Dark City (1998)
5/10
Wall-to-wall scoring weakens the film
8 August 2003
Dark City is an dark, interesting picture with acceptable to good acting, and a very strange character portrayed by Keifer Sutherland.

What hurts this film is the score and the way it is used. The music starts with the main title and doesn't let up until the end credits. There is not a single unscored scene in the movie. The music itself is not bad. It's synth heavy and therefore gets to be monotonous in its orchestration. But the viewer becomes numb to the score after several minutes, and thus the music is no longer able to effectively engage the viewer into the film. It becomes more of a distraction. If 1/3 of the music could be intelligently eliminated, then this is a much smarter film and goes from a 5 in my ratings to an 8 or 9.

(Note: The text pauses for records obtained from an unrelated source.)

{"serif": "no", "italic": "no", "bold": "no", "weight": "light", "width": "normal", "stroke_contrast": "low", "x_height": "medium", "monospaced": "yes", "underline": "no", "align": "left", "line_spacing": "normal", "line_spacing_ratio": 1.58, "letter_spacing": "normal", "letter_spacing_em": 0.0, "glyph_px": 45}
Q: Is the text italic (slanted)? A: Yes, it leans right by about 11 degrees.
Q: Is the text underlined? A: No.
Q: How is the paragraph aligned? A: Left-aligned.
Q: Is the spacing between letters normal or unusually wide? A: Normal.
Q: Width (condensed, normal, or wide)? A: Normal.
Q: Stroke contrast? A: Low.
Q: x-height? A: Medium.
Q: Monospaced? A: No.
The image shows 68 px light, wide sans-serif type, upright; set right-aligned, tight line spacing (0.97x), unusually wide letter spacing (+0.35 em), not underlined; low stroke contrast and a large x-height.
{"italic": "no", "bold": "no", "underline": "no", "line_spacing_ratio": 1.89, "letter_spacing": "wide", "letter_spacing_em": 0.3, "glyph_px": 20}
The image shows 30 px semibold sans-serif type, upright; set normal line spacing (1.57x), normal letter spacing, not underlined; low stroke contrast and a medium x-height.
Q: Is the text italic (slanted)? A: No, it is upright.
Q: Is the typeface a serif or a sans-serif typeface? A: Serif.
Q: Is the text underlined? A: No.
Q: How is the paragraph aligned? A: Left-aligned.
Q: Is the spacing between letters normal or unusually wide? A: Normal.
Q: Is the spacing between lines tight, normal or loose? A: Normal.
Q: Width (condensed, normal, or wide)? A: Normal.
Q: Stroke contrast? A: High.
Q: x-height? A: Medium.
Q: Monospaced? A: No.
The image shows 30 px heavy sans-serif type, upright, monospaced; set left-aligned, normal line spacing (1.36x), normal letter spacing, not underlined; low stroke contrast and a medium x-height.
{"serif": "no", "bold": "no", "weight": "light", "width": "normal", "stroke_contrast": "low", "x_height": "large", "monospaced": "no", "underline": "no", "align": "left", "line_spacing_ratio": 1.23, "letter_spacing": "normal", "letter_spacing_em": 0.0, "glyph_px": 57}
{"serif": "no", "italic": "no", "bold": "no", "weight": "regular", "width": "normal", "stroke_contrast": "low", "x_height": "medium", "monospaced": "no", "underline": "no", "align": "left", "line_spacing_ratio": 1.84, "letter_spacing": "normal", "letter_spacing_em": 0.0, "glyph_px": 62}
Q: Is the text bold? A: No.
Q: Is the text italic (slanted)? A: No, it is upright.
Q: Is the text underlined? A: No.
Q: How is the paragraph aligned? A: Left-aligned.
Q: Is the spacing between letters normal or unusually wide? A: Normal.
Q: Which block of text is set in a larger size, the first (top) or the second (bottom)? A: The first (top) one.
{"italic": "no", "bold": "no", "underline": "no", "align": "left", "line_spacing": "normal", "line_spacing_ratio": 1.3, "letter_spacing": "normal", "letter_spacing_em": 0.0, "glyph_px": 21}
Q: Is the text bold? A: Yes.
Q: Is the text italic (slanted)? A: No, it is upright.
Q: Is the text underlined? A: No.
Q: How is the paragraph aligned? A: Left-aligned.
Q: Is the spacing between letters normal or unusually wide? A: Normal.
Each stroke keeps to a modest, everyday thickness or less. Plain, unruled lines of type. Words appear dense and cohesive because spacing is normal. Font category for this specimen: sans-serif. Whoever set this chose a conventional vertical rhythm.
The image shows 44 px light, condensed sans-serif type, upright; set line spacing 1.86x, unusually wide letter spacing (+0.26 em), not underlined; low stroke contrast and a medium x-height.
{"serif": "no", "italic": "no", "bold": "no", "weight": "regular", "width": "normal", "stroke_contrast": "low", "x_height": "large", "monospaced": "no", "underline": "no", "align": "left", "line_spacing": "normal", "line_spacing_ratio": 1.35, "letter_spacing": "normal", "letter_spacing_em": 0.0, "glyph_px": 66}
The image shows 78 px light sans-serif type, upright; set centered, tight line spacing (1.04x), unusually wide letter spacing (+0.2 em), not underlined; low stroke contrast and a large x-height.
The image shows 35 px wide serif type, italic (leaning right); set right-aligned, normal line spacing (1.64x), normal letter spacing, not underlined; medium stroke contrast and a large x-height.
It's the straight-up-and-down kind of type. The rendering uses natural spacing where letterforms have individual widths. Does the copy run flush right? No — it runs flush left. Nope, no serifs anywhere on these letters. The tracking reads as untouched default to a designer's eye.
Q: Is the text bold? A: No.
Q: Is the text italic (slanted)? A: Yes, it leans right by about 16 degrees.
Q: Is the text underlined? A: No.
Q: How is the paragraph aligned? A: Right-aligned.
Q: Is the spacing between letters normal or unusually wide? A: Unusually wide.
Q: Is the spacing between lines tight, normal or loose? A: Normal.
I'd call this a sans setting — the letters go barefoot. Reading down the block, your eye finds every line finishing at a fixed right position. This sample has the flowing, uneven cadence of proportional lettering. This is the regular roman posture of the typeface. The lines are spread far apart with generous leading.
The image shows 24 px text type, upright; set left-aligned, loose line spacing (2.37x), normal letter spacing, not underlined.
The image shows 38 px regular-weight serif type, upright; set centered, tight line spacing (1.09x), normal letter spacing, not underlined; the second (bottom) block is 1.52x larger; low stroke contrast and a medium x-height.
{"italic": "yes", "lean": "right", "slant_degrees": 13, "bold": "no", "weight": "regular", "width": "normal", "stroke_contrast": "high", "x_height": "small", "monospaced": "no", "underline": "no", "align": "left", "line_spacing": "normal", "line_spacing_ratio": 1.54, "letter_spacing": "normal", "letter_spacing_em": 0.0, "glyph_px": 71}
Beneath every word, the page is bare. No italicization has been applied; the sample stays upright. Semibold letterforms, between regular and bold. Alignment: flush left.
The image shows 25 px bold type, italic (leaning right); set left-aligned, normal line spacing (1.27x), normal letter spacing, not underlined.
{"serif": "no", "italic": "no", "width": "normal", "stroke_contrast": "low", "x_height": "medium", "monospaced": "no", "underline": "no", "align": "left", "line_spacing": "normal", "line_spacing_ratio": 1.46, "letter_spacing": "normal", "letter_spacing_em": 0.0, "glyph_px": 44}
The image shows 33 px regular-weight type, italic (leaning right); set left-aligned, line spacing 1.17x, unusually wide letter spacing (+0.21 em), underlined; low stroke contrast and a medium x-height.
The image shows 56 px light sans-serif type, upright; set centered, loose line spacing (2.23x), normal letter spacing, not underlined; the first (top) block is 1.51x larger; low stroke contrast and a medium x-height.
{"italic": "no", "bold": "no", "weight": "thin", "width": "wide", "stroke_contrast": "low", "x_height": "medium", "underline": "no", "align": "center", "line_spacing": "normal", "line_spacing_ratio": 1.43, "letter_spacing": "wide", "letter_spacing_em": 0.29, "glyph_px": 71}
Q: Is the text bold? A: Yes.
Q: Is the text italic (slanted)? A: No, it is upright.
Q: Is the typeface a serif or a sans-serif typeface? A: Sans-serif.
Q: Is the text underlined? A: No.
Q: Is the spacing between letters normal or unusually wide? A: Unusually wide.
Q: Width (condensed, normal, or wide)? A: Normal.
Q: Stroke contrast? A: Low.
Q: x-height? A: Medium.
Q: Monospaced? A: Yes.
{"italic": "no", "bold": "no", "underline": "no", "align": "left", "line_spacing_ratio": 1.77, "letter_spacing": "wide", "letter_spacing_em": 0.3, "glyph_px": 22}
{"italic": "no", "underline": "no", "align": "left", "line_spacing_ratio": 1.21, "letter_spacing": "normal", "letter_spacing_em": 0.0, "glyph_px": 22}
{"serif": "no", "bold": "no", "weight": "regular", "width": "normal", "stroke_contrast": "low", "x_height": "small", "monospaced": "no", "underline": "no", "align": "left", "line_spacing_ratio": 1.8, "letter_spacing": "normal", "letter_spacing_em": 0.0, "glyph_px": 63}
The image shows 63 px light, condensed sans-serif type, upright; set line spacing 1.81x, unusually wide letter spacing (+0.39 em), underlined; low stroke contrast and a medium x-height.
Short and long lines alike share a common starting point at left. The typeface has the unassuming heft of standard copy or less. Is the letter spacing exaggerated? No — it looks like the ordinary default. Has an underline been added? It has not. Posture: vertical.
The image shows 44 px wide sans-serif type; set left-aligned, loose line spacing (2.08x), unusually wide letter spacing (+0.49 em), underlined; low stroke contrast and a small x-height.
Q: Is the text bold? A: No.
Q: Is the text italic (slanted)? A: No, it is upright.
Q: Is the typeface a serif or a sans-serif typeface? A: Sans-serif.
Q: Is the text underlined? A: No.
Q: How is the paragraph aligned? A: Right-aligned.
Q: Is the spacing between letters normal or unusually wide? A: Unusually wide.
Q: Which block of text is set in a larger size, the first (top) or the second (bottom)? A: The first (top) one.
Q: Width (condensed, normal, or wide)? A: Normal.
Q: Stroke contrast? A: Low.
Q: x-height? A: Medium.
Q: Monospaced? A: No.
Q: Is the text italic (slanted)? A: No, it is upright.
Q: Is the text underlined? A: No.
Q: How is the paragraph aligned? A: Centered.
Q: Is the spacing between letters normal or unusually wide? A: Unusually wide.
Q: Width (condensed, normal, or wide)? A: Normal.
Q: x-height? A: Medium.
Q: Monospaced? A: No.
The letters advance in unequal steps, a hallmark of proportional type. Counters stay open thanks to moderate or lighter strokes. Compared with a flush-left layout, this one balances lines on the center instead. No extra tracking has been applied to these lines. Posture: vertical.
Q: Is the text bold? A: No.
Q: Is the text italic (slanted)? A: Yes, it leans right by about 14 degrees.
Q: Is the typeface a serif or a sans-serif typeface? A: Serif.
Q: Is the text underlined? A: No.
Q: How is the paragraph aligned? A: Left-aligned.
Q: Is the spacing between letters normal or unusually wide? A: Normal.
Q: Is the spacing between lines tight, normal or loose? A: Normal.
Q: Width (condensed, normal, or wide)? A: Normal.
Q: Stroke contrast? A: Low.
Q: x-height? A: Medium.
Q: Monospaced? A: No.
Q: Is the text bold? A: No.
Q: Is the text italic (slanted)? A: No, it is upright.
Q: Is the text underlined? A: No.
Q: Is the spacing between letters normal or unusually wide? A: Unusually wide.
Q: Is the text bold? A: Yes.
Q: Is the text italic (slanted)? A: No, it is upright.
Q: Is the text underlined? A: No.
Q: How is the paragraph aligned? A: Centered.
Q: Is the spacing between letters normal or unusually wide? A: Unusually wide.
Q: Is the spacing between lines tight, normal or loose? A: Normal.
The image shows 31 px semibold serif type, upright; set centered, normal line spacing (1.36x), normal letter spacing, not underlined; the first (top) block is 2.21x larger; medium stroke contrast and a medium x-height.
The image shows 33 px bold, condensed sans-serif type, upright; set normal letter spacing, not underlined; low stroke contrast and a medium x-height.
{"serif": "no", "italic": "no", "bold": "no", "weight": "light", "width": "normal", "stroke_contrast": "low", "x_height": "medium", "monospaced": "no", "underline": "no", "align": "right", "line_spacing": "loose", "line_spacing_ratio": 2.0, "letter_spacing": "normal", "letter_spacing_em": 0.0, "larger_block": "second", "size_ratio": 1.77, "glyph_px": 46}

Incidentally, the Star Wars movies are almost wall-to-wall, so are cartoons. Cartoons are generally shorter and historically stylistically acceptable with constant music. As far as the Star-Wars comparison: there isn't one. SW has much more eye-popping cinematography contrast, more diverse sound effects, and constantly shifting locations. Then there are two other points: the skill of John Williams is better than most film composers, including Christopher Young. JW also had the advantage of the London Symphony Orchestra. CY only had a synthesizer. No comparison.

Incidentally, Young cannot be blamed for any decision as to how the score was spotted. Director Alex Proyas would have the final say. Too much music is usually a symptom of a director not having confidence in the visuals and storytelling on its own.